## What the task asks
Set the records down again in full, exactly as they are, apart from the images.

## Data for review

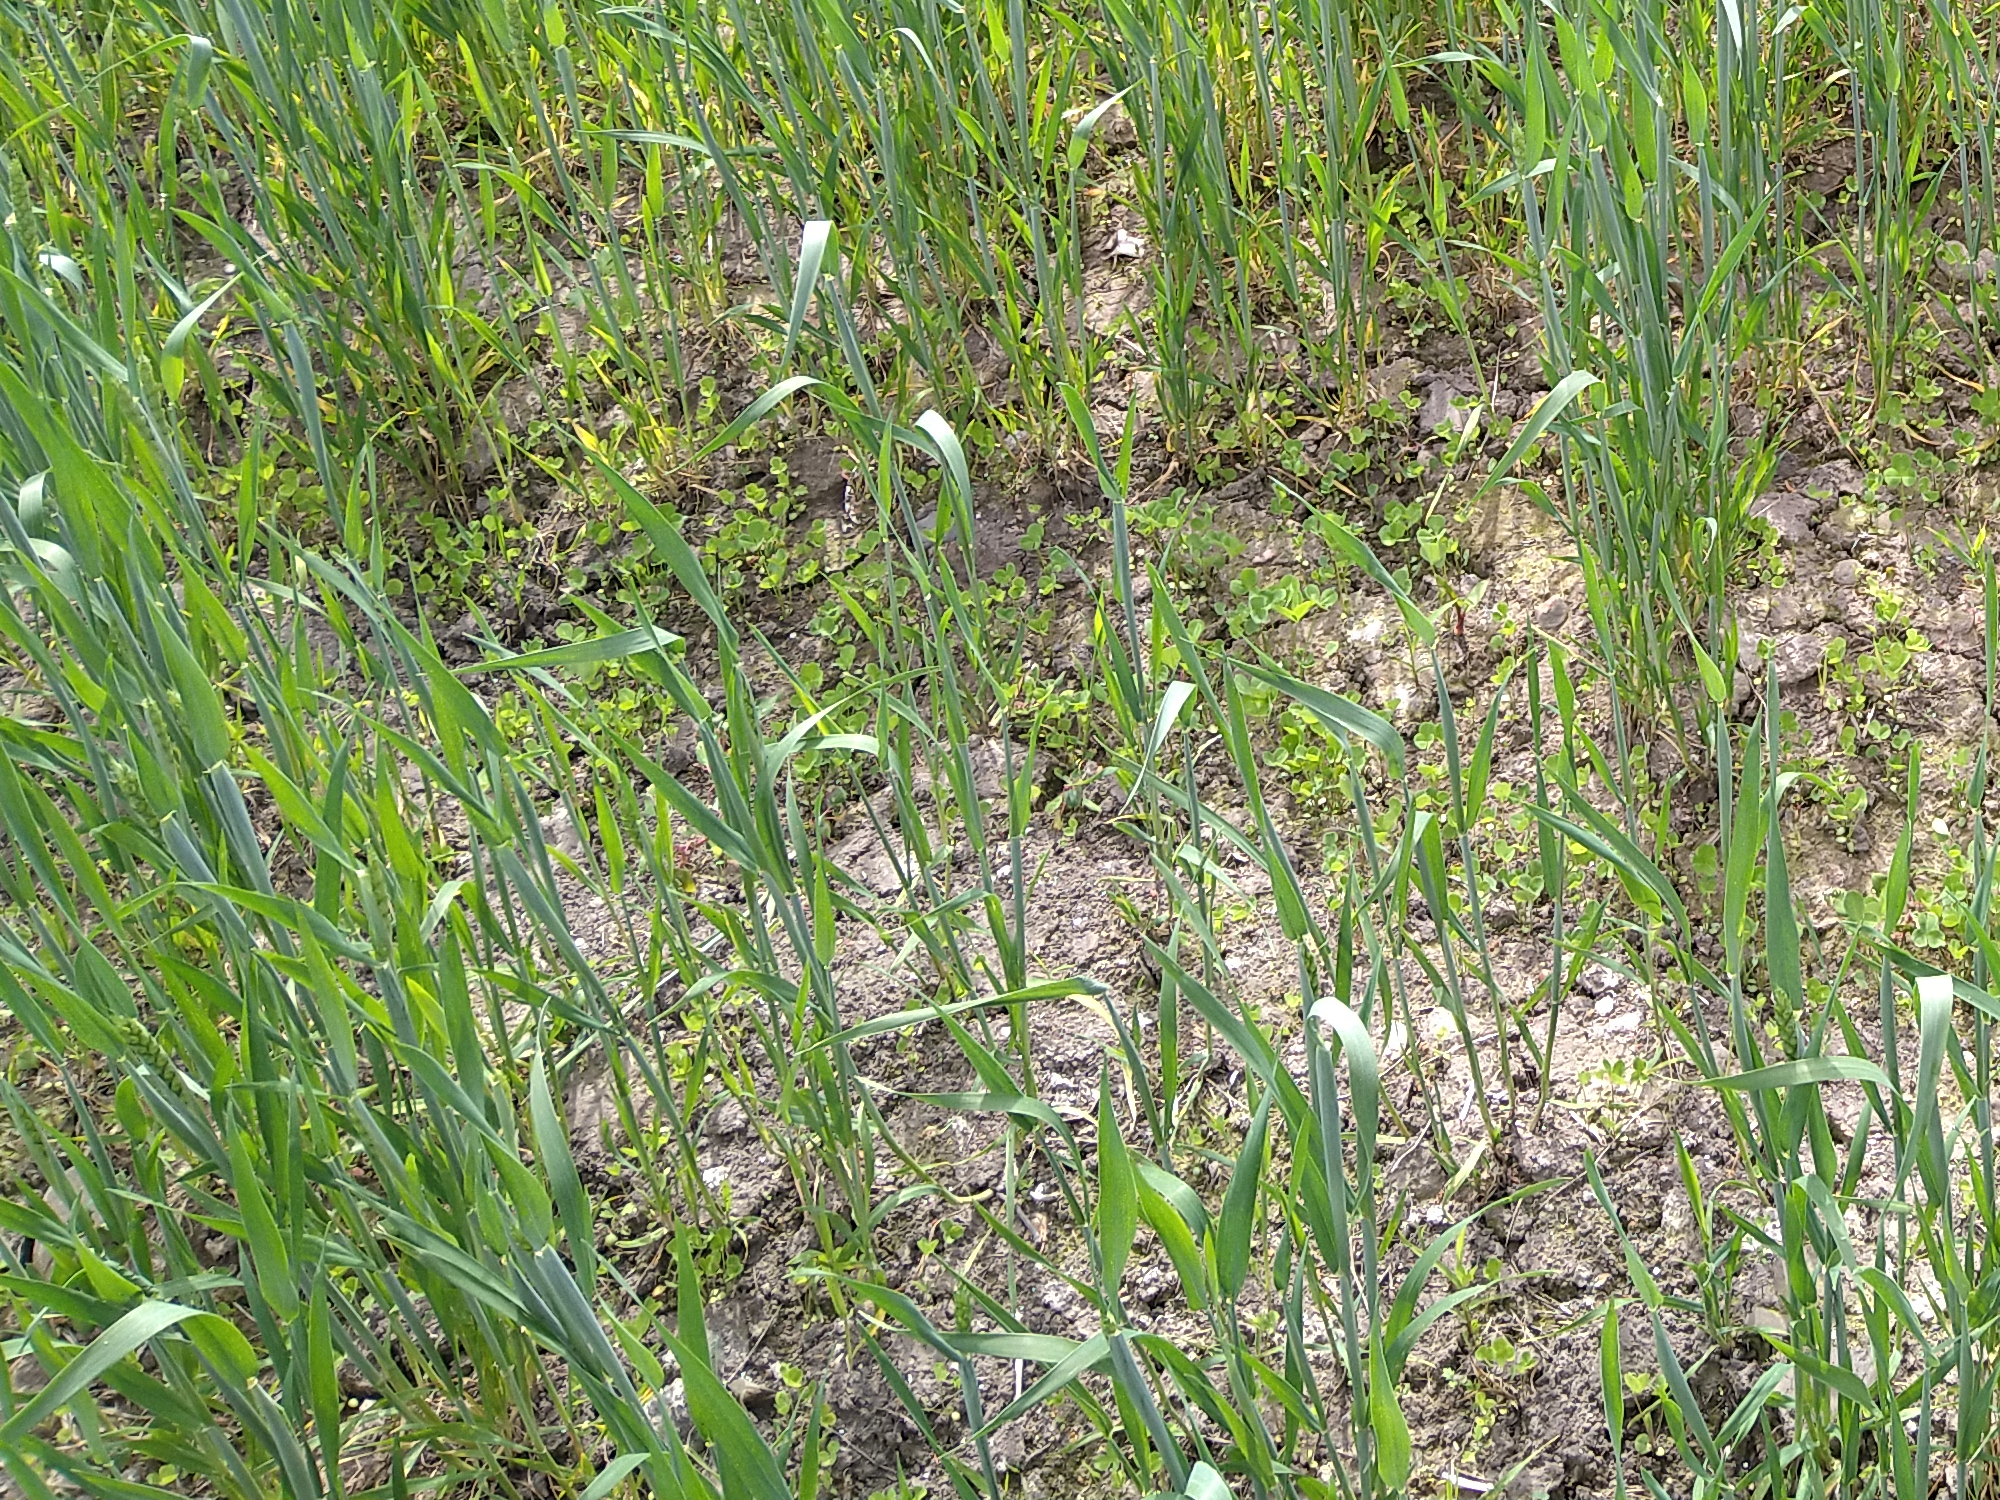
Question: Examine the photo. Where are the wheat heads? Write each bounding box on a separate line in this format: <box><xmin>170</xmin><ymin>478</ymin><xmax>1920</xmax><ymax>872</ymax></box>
<box><xmin>139</xmin><ymin>357</ymin><xmax>168</xmax><ymax>436</ymax></box>
<box><xmin>257</xmin><ymin>31</ymin><xmax>278</xmax><ymax>92</ymax></box>
<box><xmin>39</xmin><ymin>11</ymin><xmax>67</xmax><ymax>65</ymax></box>
<box><xmin>737</xmin><ymin>0</ymin><xmax>767</xmax><ymax>47</ymax></box>
<box><xmin>119</xmin><ymin>1013</ymin><xmax>186</xmax><ymax>1103</ymax></box>
<box><xmin>351</xmin><ymin>1105</ymin><xmax>376</xmax><ymax>1151</ymax></box>
<box><xmin>1769</xmin><ymin>984</ymin><xmax>1797</xmax><ymax>1059</ymax></box>
<box><xmin>963</xmin><ymin>0</ymin><xmax>980</xmax><ymax>25</ymax></box>
<box><xmin>1508</xmin><ymin>120</ymin><xmax>1527</xmax><ymax>172</ymax></box>
<box><xmin>504</xmin><ymin>0</ymin><xmax>531</xmax><ymax>82</ymax></box>
<box><xmin>8</xmin><ymin>1086</ymin><xmax>47</xmax><ymax>1157</ymax></box>
<box><xmin>368</xmin><ymin>845</ymin><xmax>388</xmax><ymax>918</ymax></box>
<box><xmin>43</xmin><ymin>265</ymin><xmax>68</xmax><ymax>314</ymax></box>
<box><xmin>6</xmin><ymin>157</ymin><xmax>37</xmax><ymax>260</ymax></box>
<box><xmin>704</xmin><ymin>0</ymin><xmax>721</xmax><ymax>21</ymax></box>
<box><xmin>114</xmin><ymin>387</ymin><xmax>155</xmax><ymax>443</ymax></box>
<box><xmin>144</xmin><ymin>698</ymin><xmax>180</xmax><ymax>785</ymax></box>
<box><xmin>176</xmin><ymin>106</ymin><xmax>213</xmax><ymax>173</ymax></box>
<box><xmin>113</xmin><ymin>763</ymin><xmax>160</xmax><ymax>841</ymax></box>
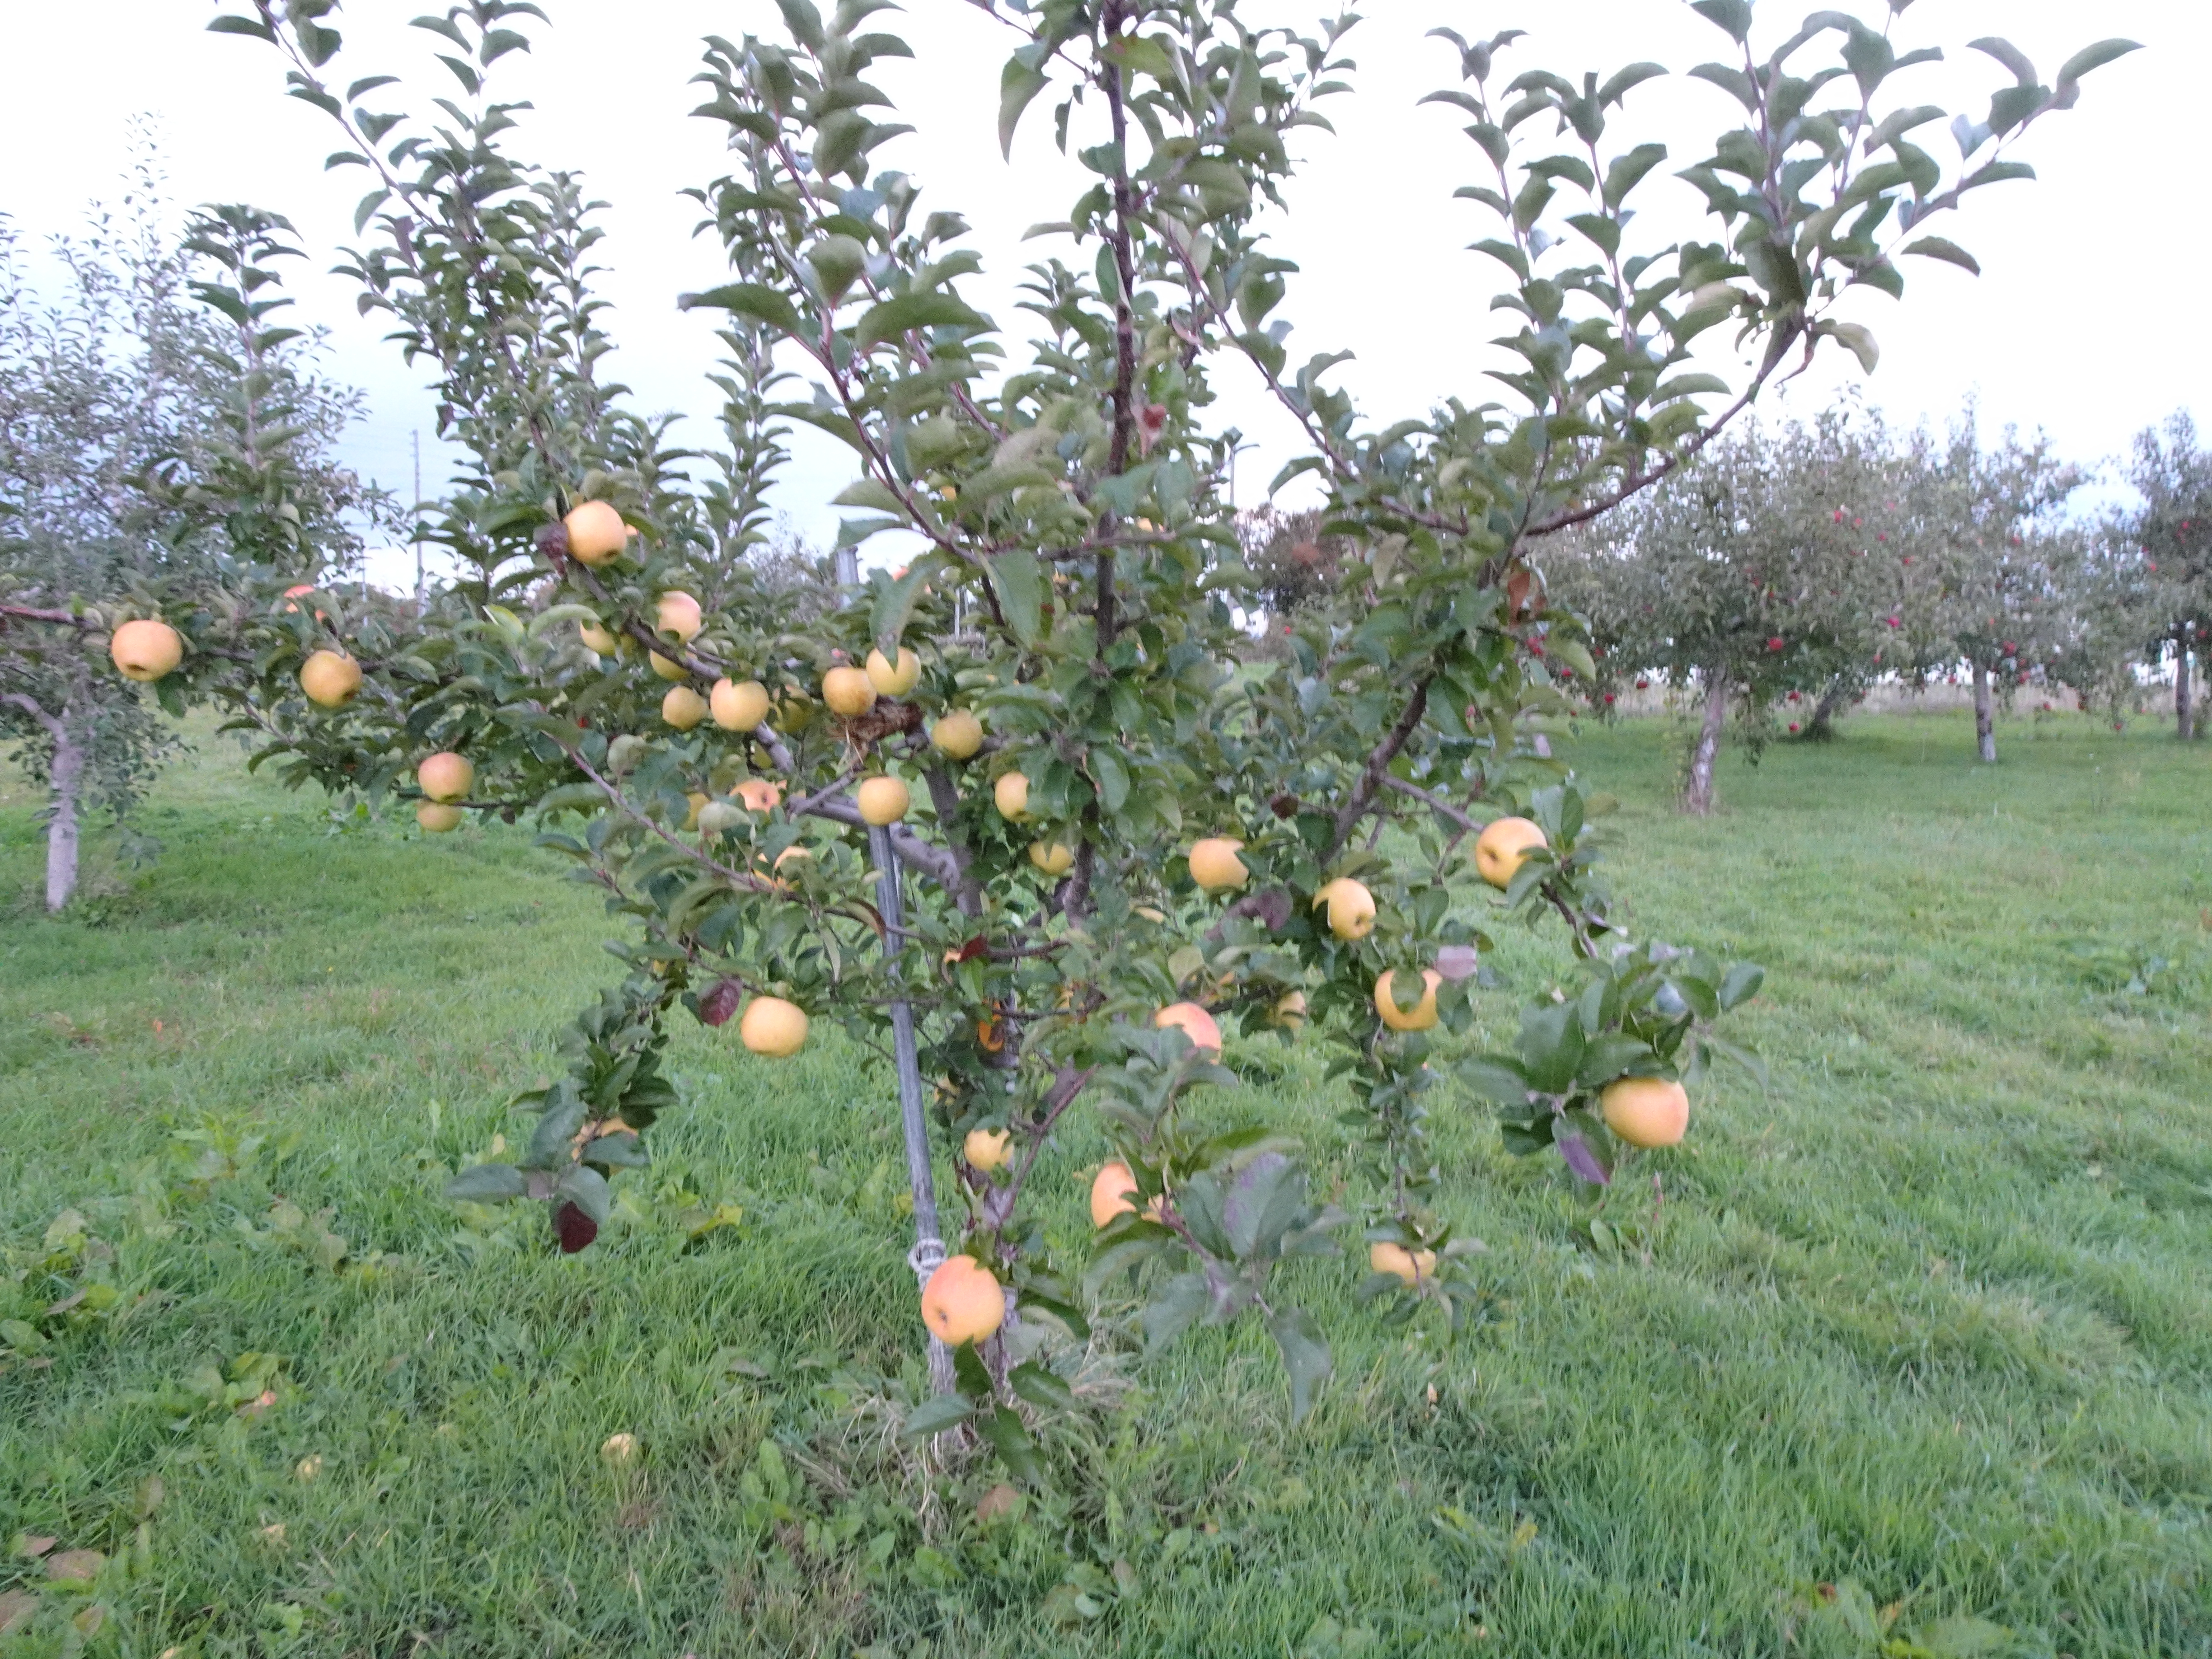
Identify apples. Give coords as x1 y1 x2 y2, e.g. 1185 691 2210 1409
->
753 844 819 894
557 499 628 568
936 472 969 504
1132 516 1166 551
299 644 365 712
1370 1234 1437 1295
1188 829 1254 898
616 521 664 579
661 686 709 733
1180 951 1236 1009
977 673 1022 709
890 568 932 609
811 644 849 678
1312 876 1377 946
712 674 770 735
1141 1000 1225 1077
1011 483 1042 515
866 640 921 699
578 597 641 660
277 582 335 633
725 778 782 827
1090 1159 1177 1238
571 1114 640 1176
941 947 982 989
919 1254 1008 1350
1040 565 1068 600
1027 826 1077 876
770 774 807 809
1473 814 1549 892
856 775 911 827
417 750 477 805
994 767 1047 826
642 588 703 645
1117 905 1179 964
1059 983 1091 1028
930 703 984 760
820 665 879 719
1374 962 1447 1033
1278 623 1296 638
1600 1066 1691 1151
740 994 811 1062
110 619 185 683
672 794 713 832
964 1117 1017 1173
768 683 812 736
1254 984 1308 1034
650 637 700 683
417 796 463 834
934 1075 977 1115

## Response to this task
Question: Examine the photo. Where are the wheat heads? Write each bounding box on a separate line in this format: <box><xmin>170</xmin><ymin>478</ymin><xmax>1920</xmax><ymax>872</ymax></box>
<box><xmin>139</xmin><ymin>357</ymin><xmax>168</xmax><ymax>436</ymax></box>
<box><xmin>257</xmin><ymin>31</ymin><xmax>278</xmax><ymax>92</ymax></box>
<box><xmin>39</xmin><ymin>11</ymin><xmax>67</xmax><ymax>65</ymax></box>
<box><xmin>737</xmin><ymin>0</ymin><xmax>767</xmax><ymax>47</ymax></box>
<box><xmin>119</xmin><ymin>1013</ymin><xmax>186</xmax><ymax>1103</ymax></box>
<box><xmin>351</xmin><ymin>1105</ymin><xmax>376</xmax><ymax>1151</ymax></box>
<box><xmin>1769</xmin><ymin>984</ymin><xmax>1797</xmax><ymax>1059</ymax></box>
<box><xmin>963</xmin><ymin>0</ymin><xmax>980</xmax><ymax>25</ymax></box>
<box><xmin>1508</xmin><ymin>120</ymin><xmax>1527</xmax><ymax>172</ymax></box>
<box><xmin>504</xmin><ymin>0</ymin><xmax>531</xmax><ymax>82</ymax></box>
<box><xmin>8</xmin><ymin>1086</ymin><xmax>47</xmax><ymax>1157</ymax></box>
<box><xmin>368</xmin><ymin>845</ymin><xmax>388</xmax><ymax>918</ymax></box>
<box><xmin>43</xmin><ymin>265</ymin><xmax>68</xmax><ymax>314</ymax></box>
<box><xmin>6</xmin><ymin>157</ymin><xmax>37</xmax><ymax>260</ymax></box>
<box><xmin>704</xmin><ymin>0</ymin><xmax>721</xmax><ymax>21</ymax></box>
<box><xmin>114</xmin><ymin>387</ymin><xmax>155</xmax><ymax>443</ymax></box>
<box><xmin>144</xmin><ymin>698</ymin><xmax>180</xmax><ymax>785</ymax></box>
<box><xmin>176</xmin><ymin>106</ymin><xmax>213</xmax><ymax>173</ymax></box>
<box><xmin>113</xmin><ymin>763</ymin><xmax>160</xmax><ymax>841</ymax></box>
Identify apples. Give coords as x1 y1 x2 y2, e.g. 1185 691 2210 1409
->
753 844 819 894
557 499 628 568
936 472 969 504
1132 516 1166 551
299 644 365 712
1370 1234 1437 1295
1188 829 1254 898
616 521 664 579
661 686 709 733
1180 951 1236 1009
977 673 1022 709
890 568 932 609
811 644 849 678
1312 876 1377 946
712 674 770 735
1141 1000 1225 1077
1011 483 1042 515
866 640 921 699
578 597 641 660
277 582 335 633
725 778 782 827
1090 1159 1177 1238
571 1114 640 1176
941 947 982 989
919 1254 1008 1350
1040 565 1068 600
1027 826 1077 876
770 774 807 809
1473 814 1549 892
856 775 911 827
417 750 477 805
994 767 1047 826
642 588 703 645
1117 905 1179 964
1059 983 1091 1028
930 703 984 760
820 665 879 719
1374 962 1447 1033
1278 623 1296 638
1600 1066 1691 1151
740 994 811 1062
110 619 185 683
672 794 713 832
964 1117 1017 1173
768 683 812 736
1254 984 1308 1034
650 637 700 683
417 796 463 834
934 1075 977 1115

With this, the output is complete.